Yasujiro Ozu's Good Morning
Ozu continues to dazzle. There is so much life captured in his work. And there is a surpising amount of levity to his approach and tone. Although I might prefer a few of his other films, Good Morning would be an absolute masterpiece by most filmmaker's standards. As a portrait on the fear of Westernization in the late fifties, this one has few if any rivals. And it is interesting to see it as an influence on Kitano's style and as a bit of a sibling film to The 400 Blows.

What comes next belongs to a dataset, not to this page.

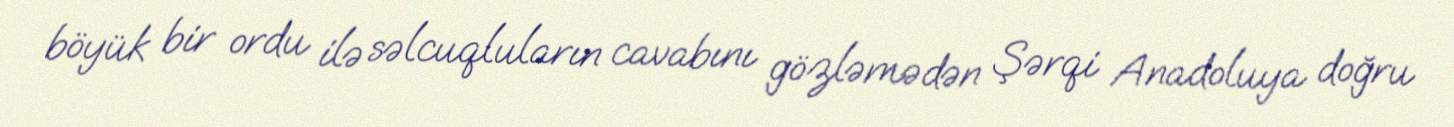
böyük bir ordu ilə səlcuqluların cavabını gözləmədən Şərqi Anadoluya doğru

Manoel de Oliveira's I'm going home
Only the second film I have seen so far from the celebrated Portuguese filmmaker and again I was impressed, moved and encouraged to seek out and watch more of his work. At times his aesthetic and sensibility remind me of Rohmer or even Rivette, something very loose and smart, and it does not hurt the feeling of similarity that the film takes place in Paris and features Michel Piccoli and Catherine Deneuve. The title holds several different meanings and the final image perpetuates the contemplative mood and tone that seem to be one of the hallmarks of de Oliveira's cinema. 
Roberto Rossellini's India: Matri Bhumi
Yet another brilliant piece by one of my all time favorite filmmakers. Rossellini teaches us about animals and makes us see them in ways we never have. In the process he also makes us think about our own lives and how many humans have a choice to hunt, be hunted, or like Ramu the monkey at the end actually have no choices at all. A brilliant look at India and a beautiful meditation on life. 
Orson Welles' The Immortal Story
One of the few works by Welles I had never seen is yet another testament to the director's genius and brilliance. The story is labyrinthine and deeply auto-biographical for anyone who wants to think about it in terms of Welles' one-off success with Kane. It joins Renoir's Partie de campagne as one of the medium's all time great short efforts and is incredibly poignant and powerful in spite of the limited means Welles must have had at his disposal.